━━━ DATA FOR THIS TASK

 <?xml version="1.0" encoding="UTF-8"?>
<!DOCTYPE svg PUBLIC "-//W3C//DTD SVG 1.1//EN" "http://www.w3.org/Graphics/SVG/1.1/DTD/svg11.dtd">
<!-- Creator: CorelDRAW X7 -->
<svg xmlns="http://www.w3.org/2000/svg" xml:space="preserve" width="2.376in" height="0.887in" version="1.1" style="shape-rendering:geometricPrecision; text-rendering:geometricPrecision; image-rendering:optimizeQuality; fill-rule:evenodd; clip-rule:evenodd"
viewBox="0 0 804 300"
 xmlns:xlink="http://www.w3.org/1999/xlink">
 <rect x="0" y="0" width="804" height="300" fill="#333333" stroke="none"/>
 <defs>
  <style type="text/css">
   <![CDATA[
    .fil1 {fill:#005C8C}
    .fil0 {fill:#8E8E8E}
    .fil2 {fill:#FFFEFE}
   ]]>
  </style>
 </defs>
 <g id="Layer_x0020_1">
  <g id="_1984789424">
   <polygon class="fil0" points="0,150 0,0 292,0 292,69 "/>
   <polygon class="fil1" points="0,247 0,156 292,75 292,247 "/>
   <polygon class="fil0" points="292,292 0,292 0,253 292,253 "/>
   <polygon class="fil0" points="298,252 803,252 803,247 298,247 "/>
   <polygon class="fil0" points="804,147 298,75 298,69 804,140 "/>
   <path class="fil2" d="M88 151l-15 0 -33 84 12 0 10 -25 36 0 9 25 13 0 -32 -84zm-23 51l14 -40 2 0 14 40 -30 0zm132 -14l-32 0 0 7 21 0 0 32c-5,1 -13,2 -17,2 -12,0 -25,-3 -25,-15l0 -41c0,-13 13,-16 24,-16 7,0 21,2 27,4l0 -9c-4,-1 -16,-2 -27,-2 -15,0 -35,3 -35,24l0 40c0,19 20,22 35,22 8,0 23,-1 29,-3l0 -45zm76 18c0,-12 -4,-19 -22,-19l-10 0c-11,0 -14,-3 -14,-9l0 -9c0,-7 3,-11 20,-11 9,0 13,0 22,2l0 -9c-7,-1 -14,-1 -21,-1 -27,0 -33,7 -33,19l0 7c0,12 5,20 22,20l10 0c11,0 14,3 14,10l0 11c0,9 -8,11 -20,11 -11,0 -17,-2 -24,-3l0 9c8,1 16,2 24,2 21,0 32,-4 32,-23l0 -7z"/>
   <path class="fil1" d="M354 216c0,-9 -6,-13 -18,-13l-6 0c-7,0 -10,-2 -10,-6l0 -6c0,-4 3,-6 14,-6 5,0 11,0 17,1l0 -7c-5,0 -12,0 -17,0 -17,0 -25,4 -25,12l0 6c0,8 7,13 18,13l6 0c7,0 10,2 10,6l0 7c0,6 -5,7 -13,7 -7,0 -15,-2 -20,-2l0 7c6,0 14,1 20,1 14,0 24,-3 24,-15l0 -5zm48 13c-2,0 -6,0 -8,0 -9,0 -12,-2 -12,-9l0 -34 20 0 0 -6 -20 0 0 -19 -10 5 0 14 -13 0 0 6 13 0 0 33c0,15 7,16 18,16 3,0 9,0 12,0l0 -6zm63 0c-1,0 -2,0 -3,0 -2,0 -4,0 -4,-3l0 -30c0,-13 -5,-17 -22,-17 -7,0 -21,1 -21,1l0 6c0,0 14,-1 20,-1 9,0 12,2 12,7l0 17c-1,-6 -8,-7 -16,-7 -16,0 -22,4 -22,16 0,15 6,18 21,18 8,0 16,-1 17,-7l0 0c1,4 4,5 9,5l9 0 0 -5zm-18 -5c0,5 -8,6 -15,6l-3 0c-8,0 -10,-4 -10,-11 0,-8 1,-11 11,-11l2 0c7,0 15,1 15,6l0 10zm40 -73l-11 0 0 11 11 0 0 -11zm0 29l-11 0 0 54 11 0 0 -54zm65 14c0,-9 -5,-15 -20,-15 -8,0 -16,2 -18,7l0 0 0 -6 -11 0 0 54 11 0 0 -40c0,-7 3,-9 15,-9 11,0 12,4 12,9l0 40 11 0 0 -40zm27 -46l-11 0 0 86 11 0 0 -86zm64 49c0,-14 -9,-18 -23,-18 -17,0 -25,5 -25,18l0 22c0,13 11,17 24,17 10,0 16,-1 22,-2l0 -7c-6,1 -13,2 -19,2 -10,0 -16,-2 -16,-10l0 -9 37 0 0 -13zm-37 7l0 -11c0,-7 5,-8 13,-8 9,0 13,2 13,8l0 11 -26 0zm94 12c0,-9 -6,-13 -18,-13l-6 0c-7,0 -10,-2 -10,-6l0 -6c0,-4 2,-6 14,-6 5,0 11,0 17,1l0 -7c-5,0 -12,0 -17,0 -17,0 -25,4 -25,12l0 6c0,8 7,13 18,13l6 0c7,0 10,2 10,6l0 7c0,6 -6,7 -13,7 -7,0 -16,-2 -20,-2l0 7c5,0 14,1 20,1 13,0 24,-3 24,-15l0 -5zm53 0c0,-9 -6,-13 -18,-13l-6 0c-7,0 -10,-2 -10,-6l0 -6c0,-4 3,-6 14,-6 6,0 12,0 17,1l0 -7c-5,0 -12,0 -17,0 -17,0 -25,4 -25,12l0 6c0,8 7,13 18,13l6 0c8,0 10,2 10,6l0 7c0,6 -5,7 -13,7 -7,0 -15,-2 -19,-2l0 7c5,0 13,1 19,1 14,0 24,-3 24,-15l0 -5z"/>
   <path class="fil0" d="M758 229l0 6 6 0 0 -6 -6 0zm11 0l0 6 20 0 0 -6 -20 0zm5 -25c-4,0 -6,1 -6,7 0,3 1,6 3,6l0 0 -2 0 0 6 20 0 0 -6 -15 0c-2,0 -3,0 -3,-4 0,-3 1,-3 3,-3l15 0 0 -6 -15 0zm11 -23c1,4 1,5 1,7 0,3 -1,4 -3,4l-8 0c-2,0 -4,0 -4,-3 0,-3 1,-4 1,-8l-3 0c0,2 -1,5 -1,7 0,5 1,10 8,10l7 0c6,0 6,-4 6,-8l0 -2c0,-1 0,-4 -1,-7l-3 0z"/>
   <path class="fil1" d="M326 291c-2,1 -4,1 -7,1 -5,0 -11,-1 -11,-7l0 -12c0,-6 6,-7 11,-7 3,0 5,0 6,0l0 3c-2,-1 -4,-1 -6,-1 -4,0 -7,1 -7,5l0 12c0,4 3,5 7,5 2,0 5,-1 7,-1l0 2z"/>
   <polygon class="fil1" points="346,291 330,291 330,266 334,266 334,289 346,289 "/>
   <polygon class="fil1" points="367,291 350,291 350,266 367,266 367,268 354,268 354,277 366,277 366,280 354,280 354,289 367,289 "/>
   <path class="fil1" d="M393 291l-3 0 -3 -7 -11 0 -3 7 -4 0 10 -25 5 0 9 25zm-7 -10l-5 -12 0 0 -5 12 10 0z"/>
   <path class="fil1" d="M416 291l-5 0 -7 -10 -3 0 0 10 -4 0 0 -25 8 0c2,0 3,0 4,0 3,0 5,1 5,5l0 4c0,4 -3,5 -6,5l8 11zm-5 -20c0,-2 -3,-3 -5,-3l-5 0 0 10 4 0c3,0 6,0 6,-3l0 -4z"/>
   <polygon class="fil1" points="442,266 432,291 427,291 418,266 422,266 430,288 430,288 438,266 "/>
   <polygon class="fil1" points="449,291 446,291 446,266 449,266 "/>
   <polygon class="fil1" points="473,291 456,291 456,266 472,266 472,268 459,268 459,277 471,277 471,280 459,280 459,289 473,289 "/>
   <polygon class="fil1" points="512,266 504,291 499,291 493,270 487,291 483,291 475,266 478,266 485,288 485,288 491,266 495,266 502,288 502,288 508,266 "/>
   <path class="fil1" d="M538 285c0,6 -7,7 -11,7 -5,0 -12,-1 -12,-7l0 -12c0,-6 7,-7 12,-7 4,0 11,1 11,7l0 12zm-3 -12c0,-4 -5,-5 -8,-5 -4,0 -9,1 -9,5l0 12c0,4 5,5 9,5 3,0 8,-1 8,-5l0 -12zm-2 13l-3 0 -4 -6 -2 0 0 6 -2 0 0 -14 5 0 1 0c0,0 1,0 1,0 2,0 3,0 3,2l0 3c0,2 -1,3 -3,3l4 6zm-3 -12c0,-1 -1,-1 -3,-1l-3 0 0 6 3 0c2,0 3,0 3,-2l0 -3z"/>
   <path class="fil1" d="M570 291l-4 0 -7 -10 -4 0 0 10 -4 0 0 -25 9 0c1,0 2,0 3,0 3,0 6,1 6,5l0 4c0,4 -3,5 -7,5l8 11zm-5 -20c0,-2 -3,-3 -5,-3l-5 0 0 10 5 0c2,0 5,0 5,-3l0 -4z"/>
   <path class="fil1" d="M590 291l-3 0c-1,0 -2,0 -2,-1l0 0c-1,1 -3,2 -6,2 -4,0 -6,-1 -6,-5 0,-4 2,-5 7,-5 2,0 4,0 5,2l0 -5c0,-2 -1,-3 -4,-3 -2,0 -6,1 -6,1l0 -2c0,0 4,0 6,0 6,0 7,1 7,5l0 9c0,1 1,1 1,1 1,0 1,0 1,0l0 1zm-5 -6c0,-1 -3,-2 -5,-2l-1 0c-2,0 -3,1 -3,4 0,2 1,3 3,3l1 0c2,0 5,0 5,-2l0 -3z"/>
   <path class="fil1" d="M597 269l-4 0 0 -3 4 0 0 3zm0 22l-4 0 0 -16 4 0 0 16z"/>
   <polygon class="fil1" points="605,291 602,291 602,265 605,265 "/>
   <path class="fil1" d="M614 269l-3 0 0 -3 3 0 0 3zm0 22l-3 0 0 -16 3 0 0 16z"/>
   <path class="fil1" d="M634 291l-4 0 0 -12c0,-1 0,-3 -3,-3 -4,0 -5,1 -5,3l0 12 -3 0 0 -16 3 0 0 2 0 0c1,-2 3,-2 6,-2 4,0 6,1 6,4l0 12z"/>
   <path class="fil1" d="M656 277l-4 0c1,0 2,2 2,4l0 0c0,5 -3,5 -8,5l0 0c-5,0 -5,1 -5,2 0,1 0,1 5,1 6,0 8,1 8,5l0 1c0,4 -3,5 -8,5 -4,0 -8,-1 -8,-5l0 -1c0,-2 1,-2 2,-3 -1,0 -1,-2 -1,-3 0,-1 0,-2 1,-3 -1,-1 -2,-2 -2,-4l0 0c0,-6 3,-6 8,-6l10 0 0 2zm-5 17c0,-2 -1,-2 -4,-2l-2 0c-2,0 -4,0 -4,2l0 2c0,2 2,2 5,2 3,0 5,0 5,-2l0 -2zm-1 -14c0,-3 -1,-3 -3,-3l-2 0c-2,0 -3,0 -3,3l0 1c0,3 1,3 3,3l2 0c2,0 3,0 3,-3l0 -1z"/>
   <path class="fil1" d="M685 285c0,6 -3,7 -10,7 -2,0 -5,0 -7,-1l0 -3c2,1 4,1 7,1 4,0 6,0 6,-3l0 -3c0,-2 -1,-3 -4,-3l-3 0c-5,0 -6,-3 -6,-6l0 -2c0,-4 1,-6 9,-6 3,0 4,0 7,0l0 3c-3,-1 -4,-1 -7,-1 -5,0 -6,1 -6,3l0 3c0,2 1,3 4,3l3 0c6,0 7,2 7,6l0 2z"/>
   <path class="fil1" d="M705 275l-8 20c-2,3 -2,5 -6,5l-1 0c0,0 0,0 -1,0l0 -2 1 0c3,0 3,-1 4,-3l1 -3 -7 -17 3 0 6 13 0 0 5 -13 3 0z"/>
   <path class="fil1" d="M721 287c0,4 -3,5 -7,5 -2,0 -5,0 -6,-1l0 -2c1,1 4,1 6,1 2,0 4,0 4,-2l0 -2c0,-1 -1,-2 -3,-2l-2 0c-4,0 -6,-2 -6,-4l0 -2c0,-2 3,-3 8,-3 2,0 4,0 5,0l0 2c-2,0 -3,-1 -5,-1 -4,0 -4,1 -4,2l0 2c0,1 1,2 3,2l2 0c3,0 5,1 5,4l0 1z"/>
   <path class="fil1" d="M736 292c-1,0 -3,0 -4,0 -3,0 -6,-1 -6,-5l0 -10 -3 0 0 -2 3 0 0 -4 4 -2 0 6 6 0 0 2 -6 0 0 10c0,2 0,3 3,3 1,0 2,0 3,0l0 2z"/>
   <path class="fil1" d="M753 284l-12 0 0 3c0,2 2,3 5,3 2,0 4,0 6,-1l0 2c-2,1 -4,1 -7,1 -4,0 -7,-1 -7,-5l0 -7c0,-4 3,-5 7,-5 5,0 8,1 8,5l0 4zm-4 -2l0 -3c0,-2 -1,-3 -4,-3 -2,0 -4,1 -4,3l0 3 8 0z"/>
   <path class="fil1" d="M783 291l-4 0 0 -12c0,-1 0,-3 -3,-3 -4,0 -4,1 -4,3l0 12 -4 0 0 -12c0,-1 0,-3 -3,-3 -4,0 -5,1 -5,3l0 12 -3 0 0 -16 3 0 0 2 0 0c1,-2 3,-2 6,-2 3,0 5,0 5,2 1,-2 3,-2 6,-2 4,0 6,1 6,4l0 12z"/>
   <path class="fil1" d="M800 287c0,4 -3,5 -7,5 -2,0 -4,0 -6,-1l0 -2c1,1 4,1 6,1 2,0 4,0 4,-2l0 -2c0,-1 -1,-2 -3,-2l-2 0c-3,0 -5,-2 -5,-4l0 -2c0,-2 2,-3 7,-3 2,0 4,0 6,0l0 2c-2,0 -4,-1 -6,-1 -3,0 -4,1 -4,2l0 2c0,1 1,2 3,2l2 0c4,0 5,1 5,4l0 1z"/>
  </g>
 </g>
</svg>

━━━━━━

• _PROBLEM_: Set down verbatim only the lines between the start of the data above and the line with "298,75 298,69 804,140", both boundaries included.

• _RESPONSE_:
 <?xml version="1.0" encoding="UTF-8"?>
<!DOCTYPE svg PUBLIC "-//W3C//DTD SVG 1.1//EN" "http://www.w3.org/Graphics/SVG/1.1/DTD/svg11.dtd">
<!-- Creator: CorelDRAW X7 -->
<svg xmlns="http://www.w3.org/2000/svg" xml:space="preserve" width="2.376in" height="0.887in" version="1.1" style="shape-rendering:geometricPrecision; text-rendering:geometricPrecision; image-rendering:optimizeQuality; fill-rule:evenodd; clip-rule:evenodd"
viewBox="0 0 804 300"
 xmlns:xlink="http://www.w3.org/1999/xlink">
 <rect x="0" y="0" width="804" height="300" fill="#333333" stroke="none"/>
 <defs>
  <style type="text/css">
   <![CDATA[
    .fil1 {fill:#005C8C}
    .fil0 {fill:#8E8E8E}
    .fil2 {fill:#FFFEFE}
   ]]>
  </style>
 </defs>
 <g id="Layer_x0020_1">
  <g id="_1984789424">
   <polygon class="fil0" points="0,150 0,0 292,0 292,69 "/>
   <polygon class="fil1" points="0,247 0,156 292,75 292,247 "/>
   <polygon class="fil0" points="292,292 0,292 0,253 292,253 "/>
   <polygon class="fil0" points="298,252 803,252 803,247 298,247 "/>
   <polygon class="fil0" points="804,147 298,75 298,69 804,140 "/>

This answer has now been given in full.